Brocklehurst v. PPG Industries, Inc.

Decision Date12 December 1995
Docket NumberNo. 92-CV-76429-DT.,92-CV-76429-DT.
Citation907 F. Supp. 1106
PartiesKarl D. BROCKLEHURST, Plaintiff, v. PPG INDUSTRIES, INC., Defendant.
CourtU.S. District Court — Eastern District of Michigan

Jamil Akhtar, Birmingham, Michigan, for plaintiff.

James R. Kohl, Detroit, Michigan, for defendant.

OPINION AND ORDER DENYING PLAINTIFF'S MOTION FOR ATTORNEYS' FEES

ROSEN, District Judge.

On December 6, 1993, a jury returned a verdict for Plaintiff Karl D. Brocklehurst ("Plaintiff") in the amount of $1,527,100, finding that Defendant PPG Industries, Inc. ("Defendant"), had terminated Plaintiff's employment in violation of Michigan's Elliott-Larsen Civil Rights Act. The Court entered a judgment based on that verdict on February 7, 1994. By opinion and order issued on October 26, 1994, this Court ordered a remittitur to the amount of $528,818, and also awarded $2,358.15 in costs to Plaintiff. On July 13, 1995, Plaintiff accepted this remittitur, and this Court accordingly entered a judgment awarding Plaintiff $528,818 plus $2,358.15 in costs.

By motion filed August 2, 1995, Plaintiff now seeks an award of attorneys' fees and additional costs, and also seeks clarification of the amount of interest owed to him. For the reasons set forth below, the Court declines to award attorneys' fees to Plaintiff.

I. EXERCISING THE DISCRETION CONFERRED BY MICHIGAN'S ELLIOTT-LARSEN CIVIL RIGHTS ACT, THIS COURT DECLINES TO AWARD ATTORNEYS' FEES TO PLAINTIFF.

A provision of Michigan's Elliott-Larsen Civil Rights Act, the statute under which Plaintiff prevailed in his age discrimination claim, confers upon this Court the discretion to award attorneys' fees. The relevant section of the Act states:

A court, in rendering a judgment in an action brought pursuant to this article, may award all or a portion of the costs of litigation, including reasonable attorney fees and witness fees, to the complainant in the action if the court determines that the award is appropriate.

Mich.Comp.Laws § 37.2802. Thus, the Michigan act, by its plain language, dictates that an award of attorneys' fees is discretionary.
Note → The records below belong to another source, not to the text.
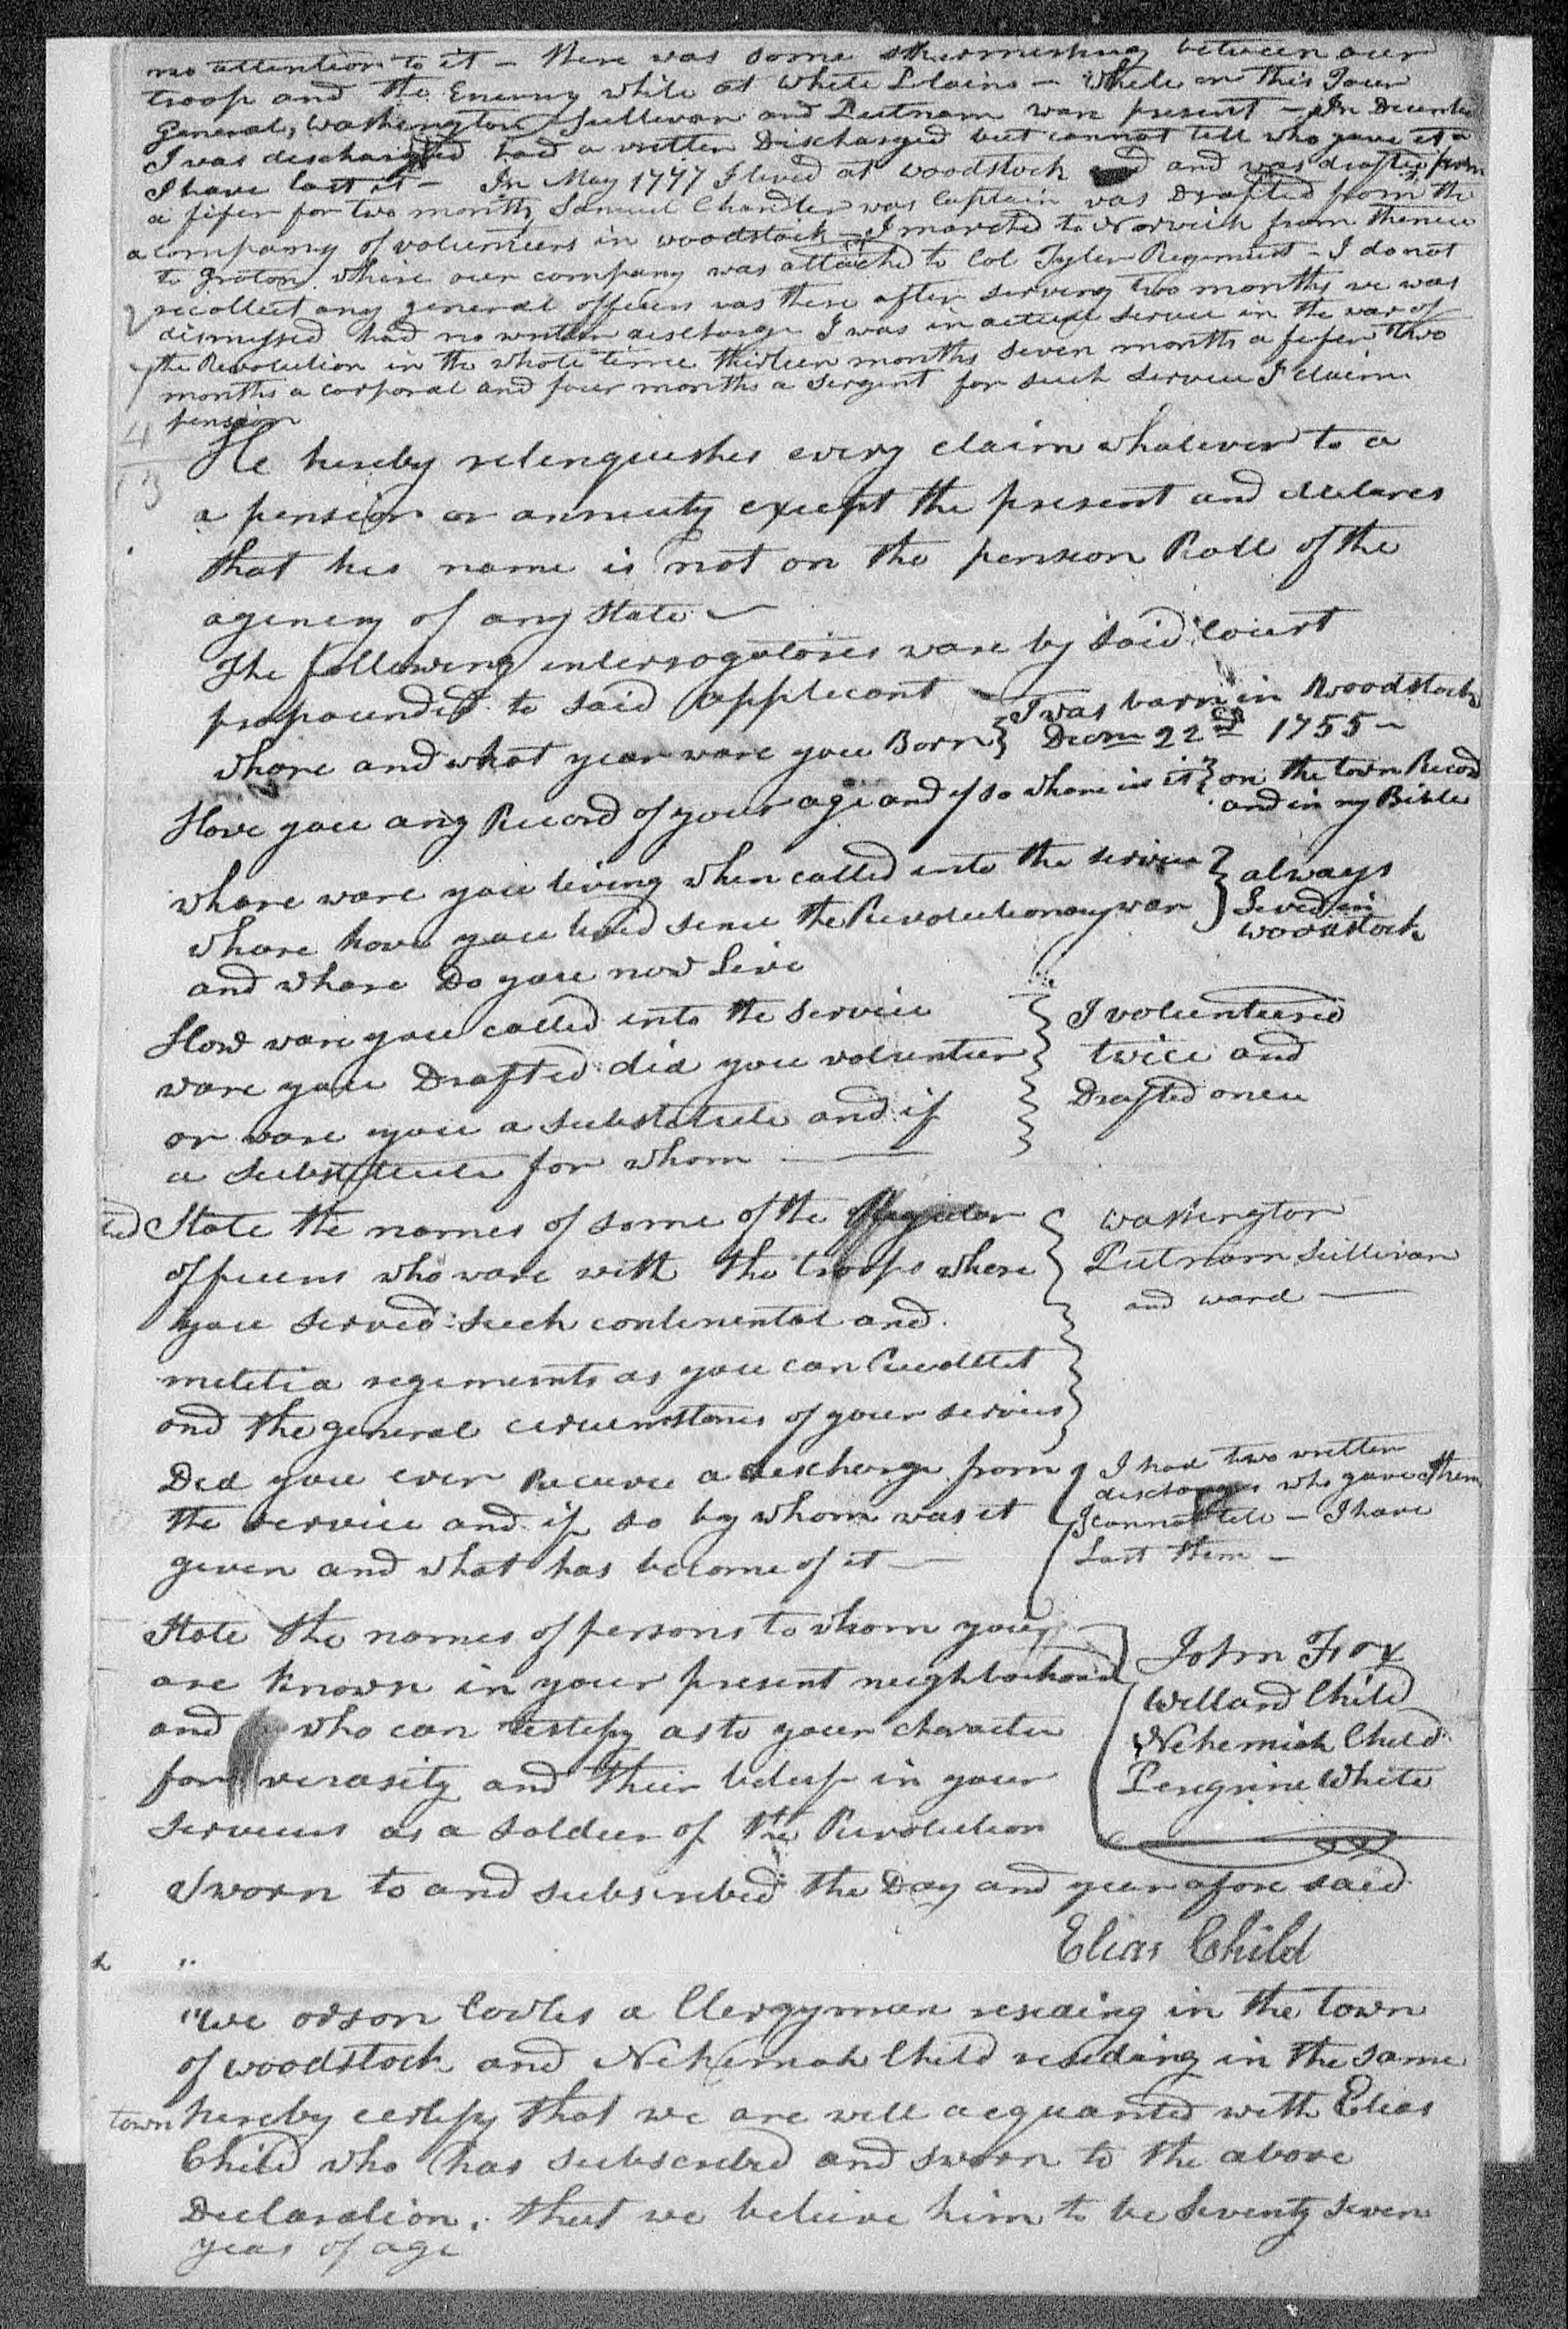no attention to it - There was some remarking between our troop and the enemy while at White Plains - While on this tour General Washington Sullivan and Lieutenant was present - In December I was discharged - I had a written discharge but cannot tell you who gave it & I have lost it.  In May 1777 I lived at Woodsloch and was drafted from a fifer for two month. Samuel Chandler was Captain was drafted from a company of volunteers in Woodsloch - I marched to Norwich from there to Groton where our company was attached to Col Tyler Regiment - I do not recollect any general officers was there -  after serving two months we was dismissed - had no written discharge - I was in active service in the war of the Revolution in the whole time thirteen months seven month a fifer, two months a corporeal and four month a sergeant for such service I claim pension.
He hereby relinquishes every claim whatever to a pension or amount except the present and declares that his name is not on the pension Role of the agency of any State - 
The following interrogatories were by said court propounded to said applicant. 
Where and what year were you born? I was born in Woodsloch Dec 22nd 1755
Have you any record of your age and if so where is it? On the town record and my bible.
Where were you living when called into service? Where have you lived since the Revolutionary War and where do you now live? Always lived in Woodsloch
How ere you called into the service? Were you drafted ? Did you volunteer or were you substitute and if a substitute for whom? I volunteered twice and was drafted once.
State the names of some of the regiment officers who were with the troops where you served such continental militia regiments as you can recollect and the general circumstances of your services? Washington, Putnum, Sullivan, and Ward
Did you ever receive a discharge from the service and if so by whom was it given and what has become of it? I have two written discharges, who gave them I cannot tell, I have lost them.
Role the names of persons to whom you are known in your present neighborhood and who can testify as to your character for veracity and their belief in your services as a soldier of the Revolution? John Fox, Willard Child, Nehemiah Child, Peregrine White.  
Sworn to and subscribed the day and year aforesaid. Elias Child
"We Orson Cowles a Clergyman residing in the town of Woodstock and Nehemiah Child residing in the same town hereby certify that we are well acquainted with Elias Child who has subscribed and sworn to the above declaration that we believe him to be seventy seven years of age."

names: Elias Child, Willard Child, Washington, Elias Child, Putnam, Sullivan, Nehemah Child, Nehemiah Child, Samuel Chandler, Peregrine White, Ward, Putnam Ware, Washington Sullivan, John Fox
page: 13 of 34
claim: survivor's
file: S. 31,605, Elias Child, Conn.

In light of this statutory language, the Michigan Court of Appeals has held that "two separate inquiries are necessary" in order to resolve a request for attorneys' fees. Eide v. Kelsey-Hayes Co., 154 Mich.App. 142, 397 N.W.2d 532, 541 (1986). Before a court addresses the proper amount of an award, the court must first determine whether to award fees at all, and this threshold decision "is left to the court's discretion." 397 N.W.2d at 541. Accordingly, although the plaintiff in Eide had prevailed in her sex discrimination claim, the court rejected her argument "that attorney fees should always be awarded, with only the amount left to the court's discretion." 397 N.W.2d at 541. Instead, the court affirmed the trial court's decision not to award fees. 397 N.W.2d at 542.1

In so holding, the Eide court discussed the various factors that the trial court had considered in making its decision, but did not endorse a fixed set of factors to guide any subsequent court's exercise of discretion. The court below had distinguished the plaintiff's case from class actions and cases seeking injunctive relief, in which attorneys' fee awards might be necessary to attract competent counsel. 397 N.W.2d at 541. In addition, the trial court noted that the plaintiff's counsel was working under a contingent fee arrangement, and thus would receive one-third of the plaintiff's $300,000 award. 397 N.W.2d at 541. Although the Eide court suggested that sole reliance on a contingent fee arrangement would be an improper basis for denying a fee award, the court concluded that the totality of the factors considered by the trial court provided adequate justification for the denial of fees. 397 N.W.2d at 542; see also Wilson v. General Motors Corp., 183 Mich.App. 21, 454 N.W.2d 405, 415-16 (1990) (finding that the presence of a contingent fee arrangement "is merely one of the factors to be considered in determining a reasonable fee award"); King v. General Motors Corp., 136 Mich.App. 301, 356 N.W.2d 626, 629 (1984) ("The trial court in this case improperly determined that the availability of contingent fee arrangements for Elliott-Larsen plaintiffs should automatically preclude an award of attorney fees.")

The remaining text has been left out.